Abstract
The Polymerase chain reaction–restriction fragment length polymorphism (PCR–RFLP) is a relatively simple and inexpensive method for genotyping single nucleotide polymorphisms (SNPs). It requires minimal investment in instrumentation. Here, we describe a web application, ‘SNP Cutter,’ which designs PCR–RFLP assays on a batch of SNPs from the human genome. NCBI dbSNP rs IDs or formatted SNPs are submitted into the SNP Cutter which then uses restriction enzymes from a pre-selected list to perform enzyme selection. The program is capable of designing primers for either natural PCR–RFLP or mismatch PCR–RFLP, depending on the SNP sequence data. SNP Cutter generates the information needed to evaluate and perform genotyping experiments, including a PCR primers list, sizes of original amplicons and different allelic fragment after enzyme digestion. Some output data is tab-delimited, therefore suitable for database archiving. The SNP Cut-ter is available at http://bioinfo.bsd.uchicago.edu/SNP_cutter.htm.
INTRODUCTION
Single nucleotide polymorphism (SNP) plays an important role in the study of complex genetic diseases (1), in pharmacogenetic analysis (2) and, in population genetics and evolutionary studies (3). Many methods are available for SNP genotyping, including hybridization, allele-specific PCR, primer extension, oligonucleotide ligation and endonuclease cleavage. However, each of these methods has its specific advantages and disadvantages (4–6). Polymerase chain reaction–restriction fragment length polymorphism (PCR–RFLP) is a classic and relatively inexpensive method of genotyping that is based on endonuclease cleavage. An SNP that alters a restriction sequence can be genotyped by ‘natural PCR–RFLP’. SNPs that do not affect any restriction sequences can be applied to a so-called ‘mismatch (or mismatched) PCR–RFLP’. Mismatch PCR–RFLP uses a primer containing additional mismatch base(s) adjacent to the SNP site (7,8). This method, however, requires the selection of appropriate restriction enzymes, the design of appropriate PCR primers, as well as the introduction of mismatched primers if mismatch PCR–RFLP is used. This process could be time-consuming and error-prone, especially if many SNPs need to be genotyped.
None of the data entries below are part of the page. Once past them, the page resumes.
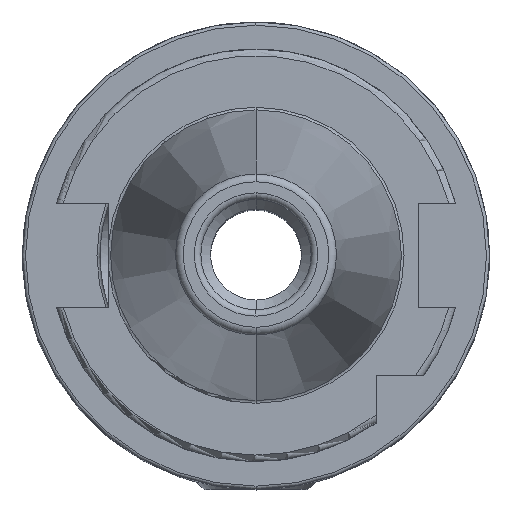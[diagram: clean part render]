
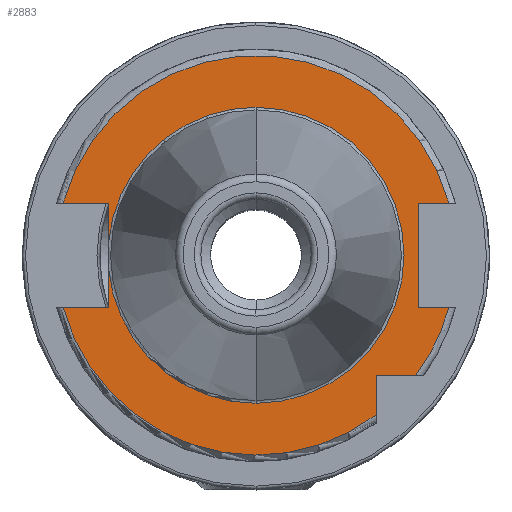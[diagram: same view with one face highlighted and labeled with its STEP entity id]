
A CAD part, top view. The second image highlights one B-rep face of the part: STEP entity #2883.
In plain terms, the highlighted planar face has unit normal (0, 0, 1).
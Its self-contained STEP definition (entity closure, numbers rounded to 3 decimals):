
#353=DIRECTION('',(1,0,0));
#354=VECTOR('',#353,7.004);
#355=CARTESIAN_POINT('',(-29.704,-8.05,15.9));
#356=LINE('',#355,#354);
#357=DIRECTION('',(0,1,0));
#358=VECTOR('',#357,5.917);
#359=CARTESIAN_POINT('',(-22.7,-8.05,15.9));
#360=LINE('',#359,#358);
#361=DIRECTION('',(0,1,0));
#362=VECTOR('',#361,5.917);
#363=CARTESIAN_POINT('',(-22.7,2.133,15.9));
#364=LINE('',#363,#362);
#365=DIRECTION('',(1,0,0));
#366=VECTOR('',#365,7.004);
#367=CARTESIAN_POINT('',(-29.704,8.05,15.9));
#368=LINE('',#367,#366);
#369=DIRECTION('',(-1,0,0));
#370=VECTOR('',#369,4.704);
#371=CARTESIAN_POINT('',(29.704,8.05,15.9));
#372=LINE('',#371,#370);
#373=DIRECTION('',(0,-1,0));
#374=VECTOR('',#373,16.1);
#375=CARTESIAN_POINT('',(25,8.05,15.9));
#376=LINE('',#375,#374);
#377=DIRECTION('',(-1,0,0));
#378=VECTOR('',#377,4.704);
#379=CARTESIAN_POINT('',(29.704,-8.05,15.9));
#380=LINE('',#379,#378);
#381=CARTESIAN_POINT('',(0,0,15.9));
#382=DIRECTION('',(0,0,1));
#383=DIRECTION('',(0.799,-0.601,0));
#384=AXIS2_PLACEMENT_3D('',#381,#382,#383);
#386=DIRECTION('',(-1,0,0));
#387=VECTOR('',#386,6.094);
#388=CARTESIAN_POINT('',(24.594,-18.5,15.9));
#389=LINE('',#388,#387);
#390=DIRECTION('',(0,1,0));
#391=VECTOR('',#390,6.094);
#392=CARTESIAN_POINT('',(18.5,-24.594,15.9));
#393=LINE('',#392,#391);
#404=CARTESIAN_POINT('',(0,0,15.9));
#405=DIRECTION('',(0,0,1));
#406=DIRECTION('',(0,1,0));
#407=AXIS2_PLACEMENT_3D('',#404,#405,#406);
#419=CARTESIAN_POINT('',(0,0,15.9));
#420=DIRECTION('',(0,0,1));
#421=DIRECTION('',(-0.996,-0.094,0));
#422=AXIS2_PLACEMENT_3D('',#419,#420,#421);
#424=CARTESIAN_POINT('',(0,0,15.9));
#425=DIRECTION('',(0,0,-1));
#426=DIRECTION('',(0,1,0));
#427=AXIS2_PLACEMENT_3D('',#424,#425,#426);
#1516=CARTESIAN_POINT('',(0,0,15.9));
#1517=DIRECTION('',(0,0,1));
#1518=DIRECTION('',(0.965,0.262,0));
#1519=AXIS2_PLACEMENT_3D('',#1516,#1517,#1518);
#1567=CARTESIAN_POINT('',(0,0,15.9));
#1568=DIRECTION('',(0,0,1));
#1569=DIRECTION('',(-0.965,-0.262,0));
#1570=AXIS2_PLACEMENT_3D('',#1567,#1568,#1569);
#2007=CARTESIAN_POINT('',(0,22.8,15.9));
#2009=VERTEX_POINT('',#2007);
#2029=CARTESIAN_POINT('',(0,-22.8,15.9));
#2031=VERTEX_POINT('',#2029);
#2155=CARTESIAN_POINT('',(-29.704,-8.05,15.9));
#2156=CARTESIAN_POINT('',(-22.7,-8.05,15.9));
#2157=VERTEX_POINT('',#2155);
#2158=VERTEX_POINT('',#2156);
#2159=CARTESIAN_POINT('',(-22.7,-2.133,15.9));
#2160=VERTEX_POINT('',#2159);
#2161=CARTESIAN_POINT('',(-22.7,2.133,15.9));
#2162=CARTESIAN_POINT('',(-22.7,8.05,15.9));
#2163=VERTEX_POINT('',#2161);
#2164=VERTEX_POINT('',#2162);
#2165=CARTESIAN_POINT('',(-29.704,8.05,15.9));
#2166=VERTEX_POINT('',#2165);
#2167=CARTESIAN_POINT('',(25,8.05,15.9));
#2168=CARTESIAN_POINT('',(25,-8.05,15.9));
#2169=VERTEX_POINT('',#2167);
#2170=VERTEX_POINT('',#2168);
#2171=CARTESIAN_POINT('',(29.704,-8.05,15.9));
#2172=VERTEX_POINT('',#2171);
#2173=CARTESIAN_POINT('',(29.704,8.05,15.9));
#2174=VERTEX_POINT('',#2173);
#2175=CARTESIAN_POINT('',(18.5,-24.594,15.9));
#2176=CARTESIAN_POINT('',(18.5,-18.5,15.9));
#2177=VERTEX_POINT('',#2175);
#2178=VERTEX_POINT('',#2176);
#2179=CARTESIAN_POINT('',(24.594,-18.5,15.9));
#2180=VERTEX_POINT('',#2179);
#2853=CARTESIAN_POINT('',(0,0,15.9));
#2854=DIRECTION('',(0,0,-1));
#2855=DIRECTION('',(0,-1,0));
#2856=AXIS2_PLACEMENT_3D('',#2853,#2854,#2855);
#2857=PLANE('',#2856);
#2858=ORIENTED_EDGE('',*,*,#2830,.T.);
#2859=ORIENTED_EDGE('',*,*,#2584,.T.);
#2861=ORIENTED_EDGE('',*,*,#2860,.T.);
#2863=ORIENTED_EDGE('',*,*,#2862,.F.);
#2865=ORIENTED_EDGE('',*,*,#2864,.T.);
#2866=ORIENTED_EDGE('',*,*,#2580,.T.);
#2867=ORIENTED_EDGE('',*,*,#2630,.F.);
#2869=ORIENTED_EDGE('',*,*,#2868,.F.);
#2871=ORIENTED_EDGE('',*,*,#2870,.T.);
#2873=ORIENTED_EDGE('',*,*,#2872,.T.);
#2874=ORIENTED_EDGE('',*,*,#2486,.F.);
#2876=ORIENTED_EDGE('',*,*,#2875,.F.);
#2877=ORIENTED_EDGE('',*,*,#2683,.T.);
#2878=ORIENTED_EDGE('',*,*,#2734,.F.);
#2880=ORIENTED_EDGE('',*,*,#2879,.F.);
#2881=EDGE_LOOP('',(#2858,#2859,#2861,#2863,#2865,#2866,#2867,#2869,#2871,#2873,
#2874,#2876,#2877,#2878,#2880));
#2882=FACE_OUTER_BOUND('',#2881,.F.);
#2883=ADVANCED_FACE('',(#2882),#2857,.F.);
#385=CIRCLE('',#384,30.775);
#408=CIRCLE('',#407,22.8);
#423=CIRCLE('',#422,22.8);
#428=CIRCLE('',#427,22.8);
#1520=CIRCLE('',#1519,30.775);
#1571=CIRCLE('',#1570,30.775);
#2486=EDGE_CURVE('',#2172,#2170,#380,.T.);
#2580=EDGE_CURVE('',#2163,#2164,#364,.T.);
#2584=EDGE_CURVE('',#2158,#2160,#360,.T.);
#2630=EDGE_CURVE('',#2166,#2164,#368,.T.);
#2683=EDGE_CURVE('',#2180,#2178,#389,.T.);
#2734=EDGE_CURVE('',#2177,#2178,#393,.T.);
#2830=EDGE_CURVE('',#2157,#2158,#356,.T.);
#2860=EDGE_CURVE('',#2160,#2031,#423,.T.);
#2862=EDGE_CURVE('',#2009,#2031,#428,.T.);
#2864=EDGE_CURVE('',#2009,#2163,#408,.T.);
#2868=EDGE_CURVE('',#2174,#2166,#1520,.T.);
#2870=EDGE_CURVE('',#2174,#2169,#372,.T.);
#2872=EDGE_CURVE('',#2169,#2170,#376,.T.);
#2875=EDGE_CURVE('',#2180,#2172,#385,.T.);
#2879=EDGE_CURVE('',#2157,#2177,#1571,.T.);

A comprehensive web-based application, SNP Cutter, was created to simplify the PCR–RFLP assay design. Starting from SNP sequence data preparation, SNP Cutter performs batch and automated assay design for PCR–RFLP, using a pre-selected or customizable list of restriction enzymes. Important assay parameters are calculated and provided.
SYSTEM
A Perl code CGI-driven web interface is provided for SNP Cutter. Primer3 (9) is used for PCR primer design. SNPSequer (http://bioinfo.bsd.uchicago.edu/SNPSequer.htm) is used to prepare SNP sequence inputs. The workflow of the SNP Cutter is illustrated in Figure 1.
PROGRAM INPUTS
Inputs of SNP Cutter are entered through its web interface. The inputs include SNPs to be genotyped, a customizable list of restriction enzymes and other parameters for primer design.
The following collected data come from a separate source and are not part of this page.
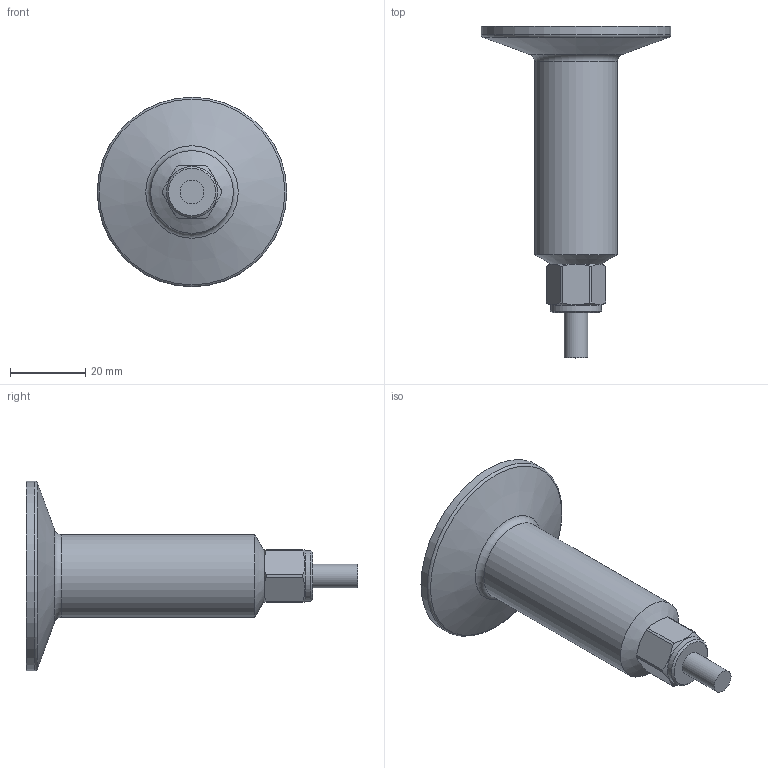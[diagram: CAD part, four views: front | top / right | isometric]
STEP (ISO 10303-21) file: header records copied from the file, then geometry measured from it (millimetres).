
FILE_DESCRIPTION( ( 'Unknown' ), '1' );
FILE_NAME( 'PBMH_xxxxxxxx5351xxx.stp', 'Unknown', ( 'Unknown' ), ( 'Unknown' ), 'PSStep 14.0', 'Unknown', ' ' );
FILE_SCHEMA( ( 'AUTOMOTIVE_DESIGN { 1 0 10303 214 1 1 1 1 }' ) );
Length unit declared in the file: millimetre
Products named in the file (1): 11090736
Bounding box: 50.5 x 88.4 x 50.5 mm (x, y, z)
Volume: 34109.6 mm3; surface area: 9288.9 mm2
Topology: 1 solids, 1 shells, 38 faces, 87 edges, 54 vertices
Faces by surface type: cone 12, plane 11, cylinder 10, torus 5
Full cylindrical faces by diameter (mm): 6.3 x1, 13.6 x1, 22 x1, 50.5 x1
Entity records: 1340 total; most frequent: CARTESIAN_POINT 267, DIRECTION 162, ORIENTED_EDGE 132, AXIS2_PLACEMENT_3D 75, EDGE_CURVE 66, EDGE_LOOP 56, VERTEX_POINT 48, FACE_OUTER_BOUND 47

SNPs to be genotyped. SNP Cutter accepts two alternative formats of SNPs as input. The first format choice is a list of NCBI dbSNP rs IDs which simplify the preparation of sequence data (from dbSNP). The second format choice is the user's own list of formatted SNPs with flanking sequences (tab or space delimited text with SNP IDs, allelic nucleotides, 5′ and 3′ flanking sequences), which facilitates users who want to genotype SNPs absent in dbSNP as many investigators are discovering novel SNPs in their own labs. For both choices, SNPSequer extracts SNP flanking sequences with sufficient length from the latest version of the human genomic DNA sequence assembly for the primer design.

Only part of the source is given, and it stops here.